AI and Machine Learning in Robotics
Artificial intelligence has dramatically expanded the capabilities of modern robots:
- Computer vision: Deep learning models (convolutional neural networks) enable robots to identify objects, read text, estimate poses, and segment scenes from camera data. Modern vision systems can recognize thousands of object categories in real time
- Reinforcement learning: Robots learn optimal behaviors through trial and error, receiving rewards for successful actions. This approach has enabled robots to learn dexterous manipulation tasks, locomotion gaits, and game strategies that are difficult to program manually
- Simultaneous Localization and Mapping (SLAM): Algorithms that allow mobile robots to build a map of an unknown environment while simultaneously tracking their own position within it — essential for autonomous navigation
- Natural language processing: Enables robots to understand and respond to spoken commands, making human-robot interaction more intuitive
- Imitation learning: Robots learn tasks by observing human demonstrations rather than being explicitly programmed, dramatically reducing the time needed to teach new skills
Industrial Robotics by the Numbers
- The automotive industry accounts for approximately 25% of all industrial robot installations globally
- China installed over 290,000 industrial robots in 2023, more than any other country
- South Korea has the highest robot density: over 1,000 robots per 10,000 manufacturing employees
- The average payback period for an industrial robot is approximately 1–3 years
- Collaborative robots (cobots) are the fastest-growing segment, with installations increasing approximately 30% annually
Challenges in Robotics
Despite impressive advances, significant challenges remain:
- Dexterous manipulation: Human hands can perform extraordinarily complex manipulation tasks.

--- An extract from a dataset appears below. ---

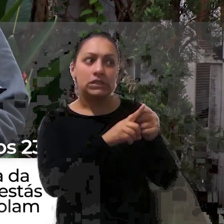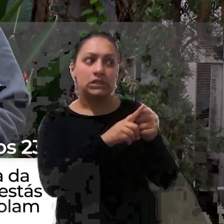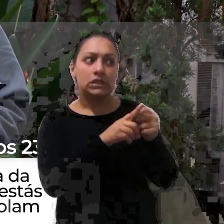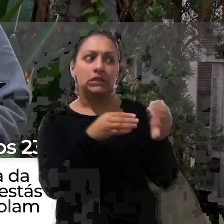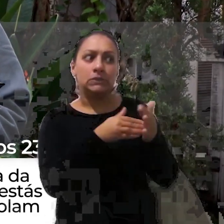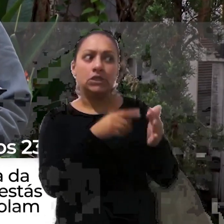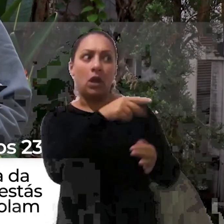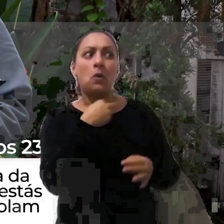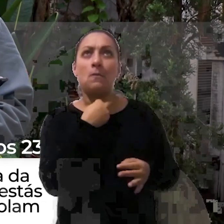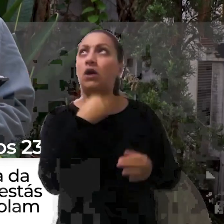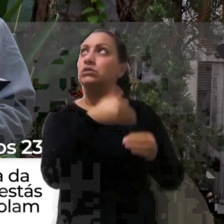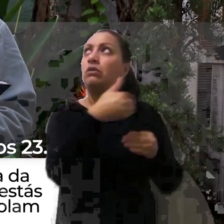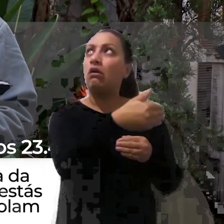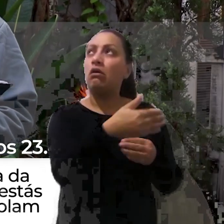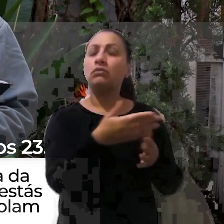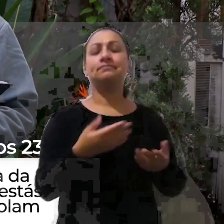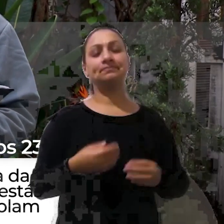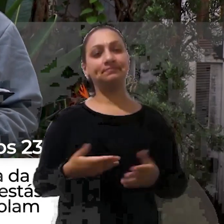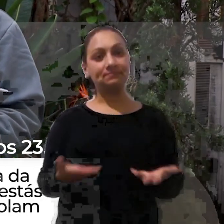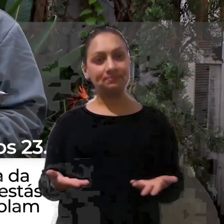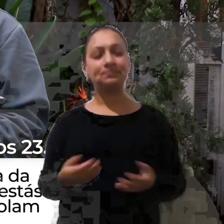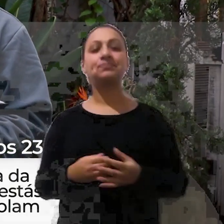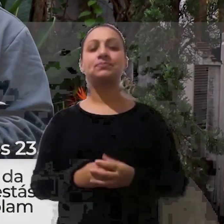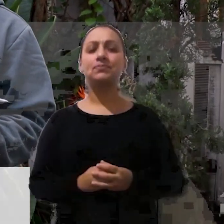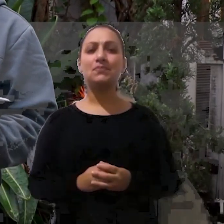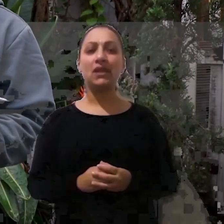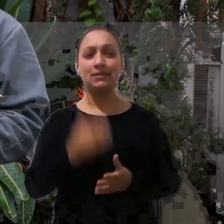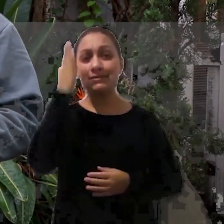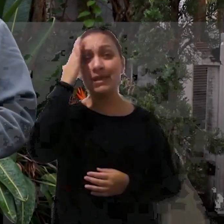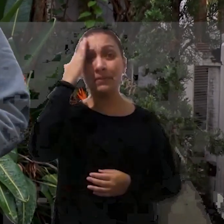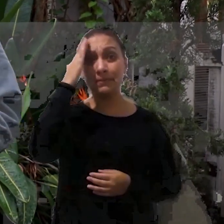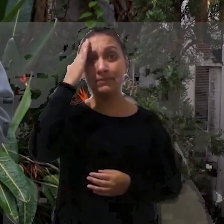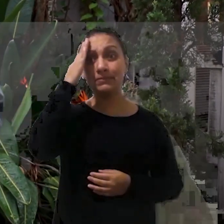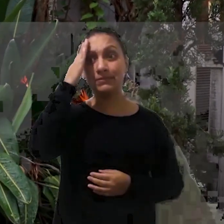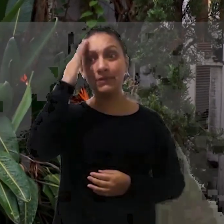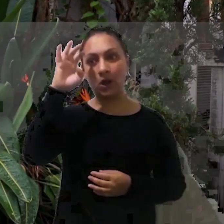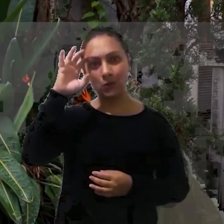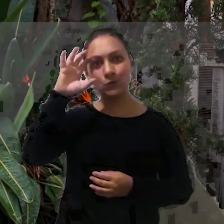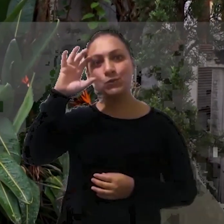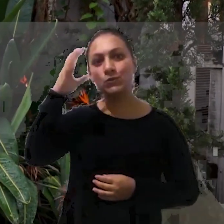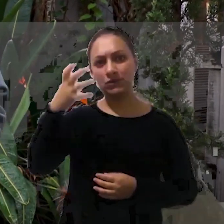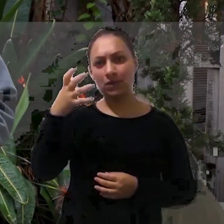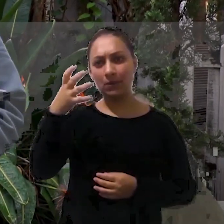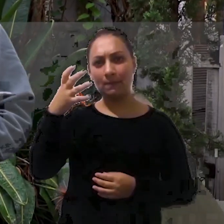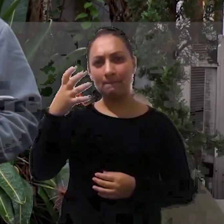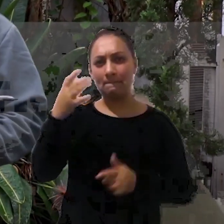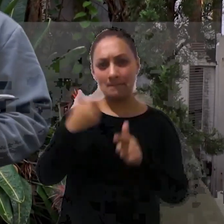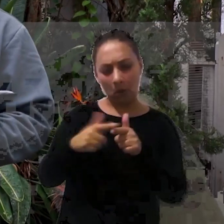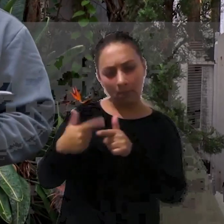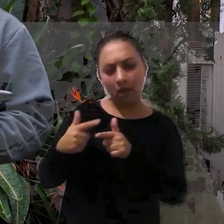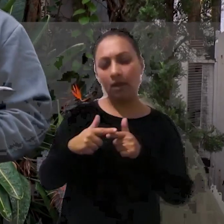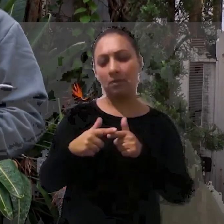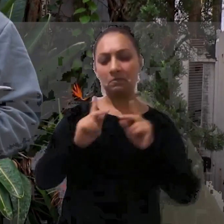pode ultrapassar Bom, queridos, nós sabemos que a solução para o problema da humanidade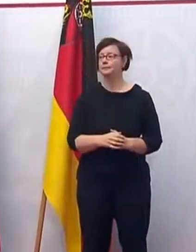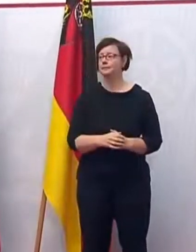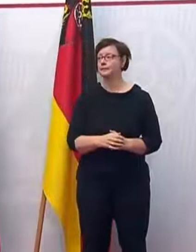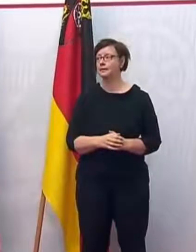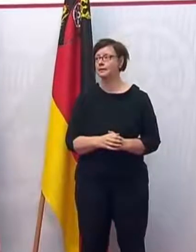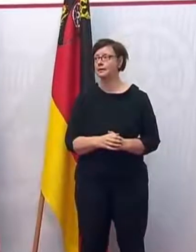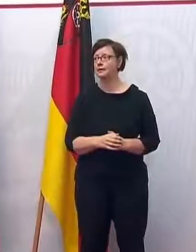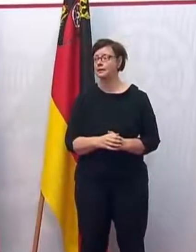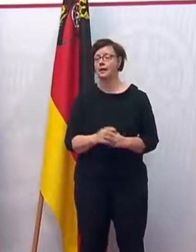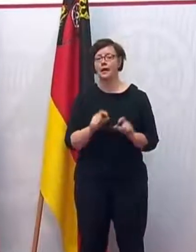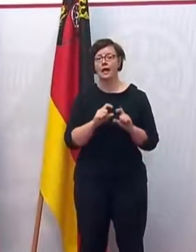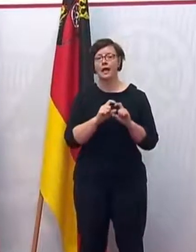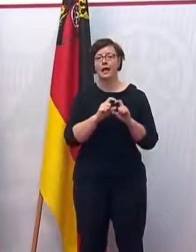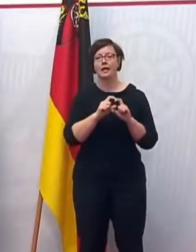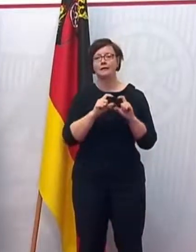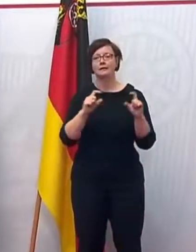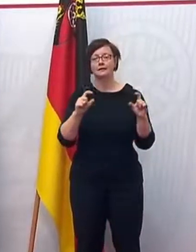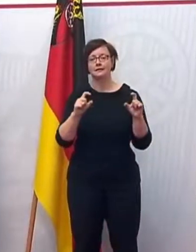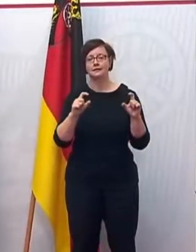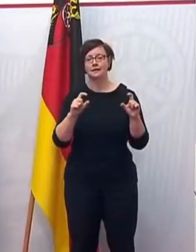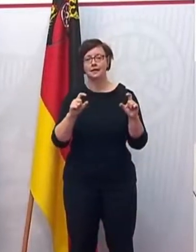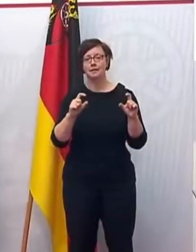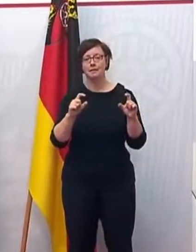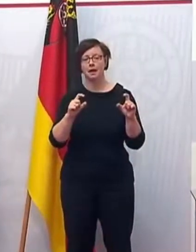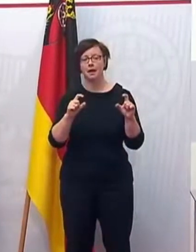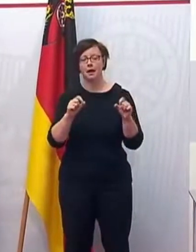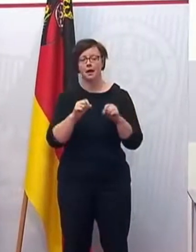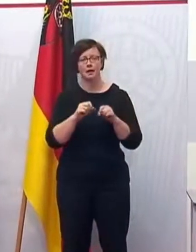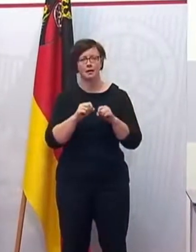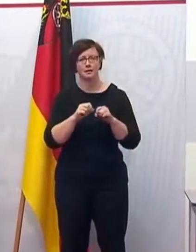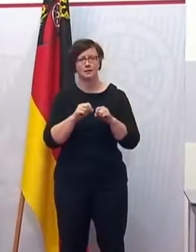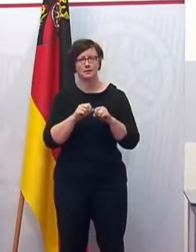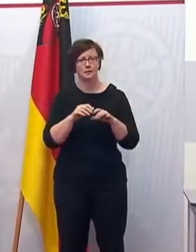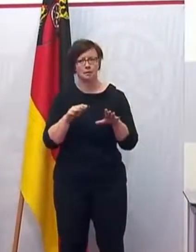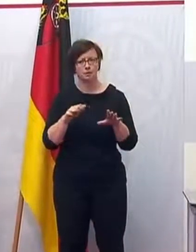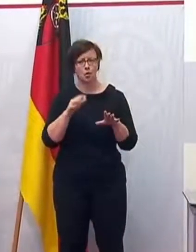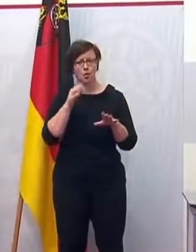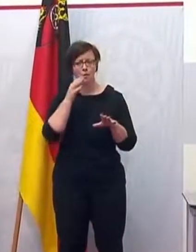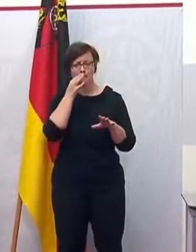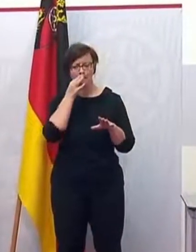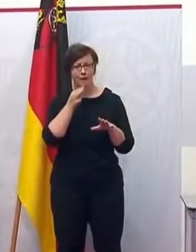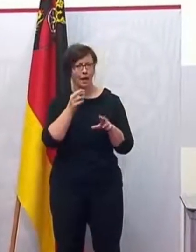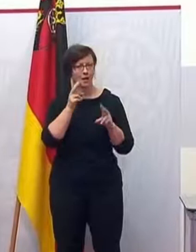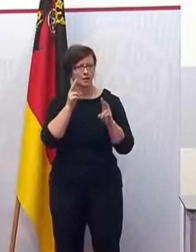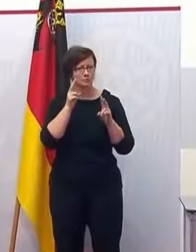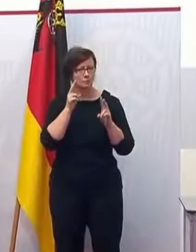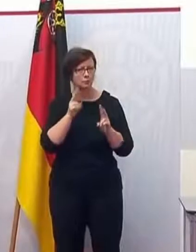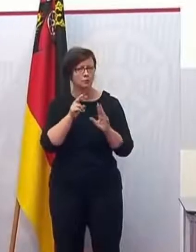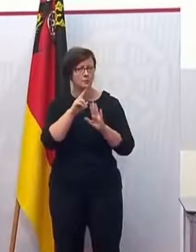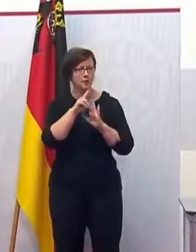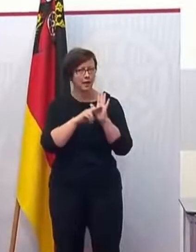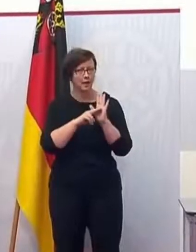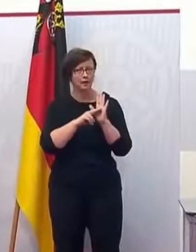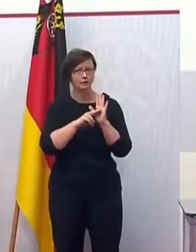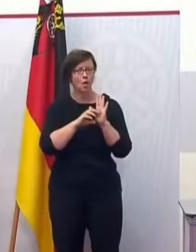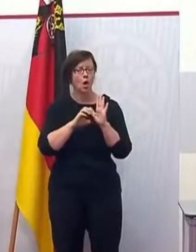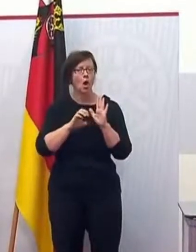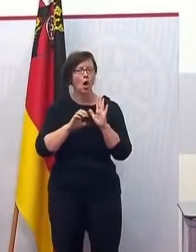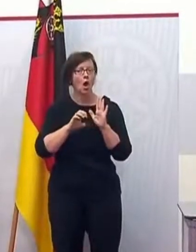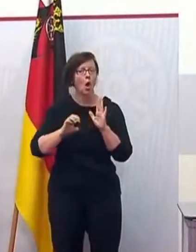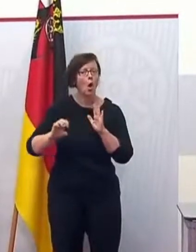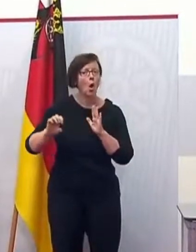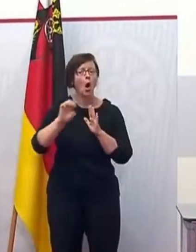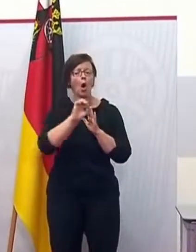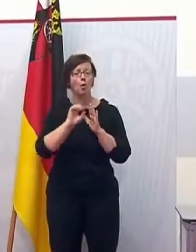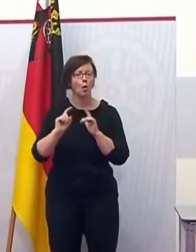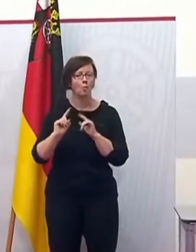Es geht um das Thema Public Viewing. Ich wollte mal fragen, ob es da besondere Regelungen gibt während der Europameisterschaft oder ob das

Replicating this in robots — especially for deformable, fragile, or irregularly shaped objects — remains an open problem
- Unstructured environments: Robots perform well in controlled factory settings but struggle in unpredictable, cluttered, or dynamic environments like homes and outdoor spaces
- Energy efficiency: Battery technology limits the operational duration of mobile and legged robots. Boston Dynamics' Atlas humanoid robot, for example, operates for approximately 1–2 hours on a single charge
- Safety: Ensuring robots can operate safely around humans requires advanced sensing, compliant mechanisms, and fail-safe behaviors. ISO 15066 and other standards define safety requirements for collaborative robots
- Cost: While costs have decreased significantly — a basic collaborative robot arm can be purchased for $25,000–$50,000 — advanced systems with sophisticated sensors and AI remain expensive
Robotics sits at the convergence of hardware innovation and AI advancement. As sensors become cheaper and more capable, actuators become more efficient, and AI algorithms become more sophisticated, robots will increasingly move beyond factory floors into healthcare, agriculture, construction, and homes — becoming general-purpose tools that augment human capabilities across virtually every domain.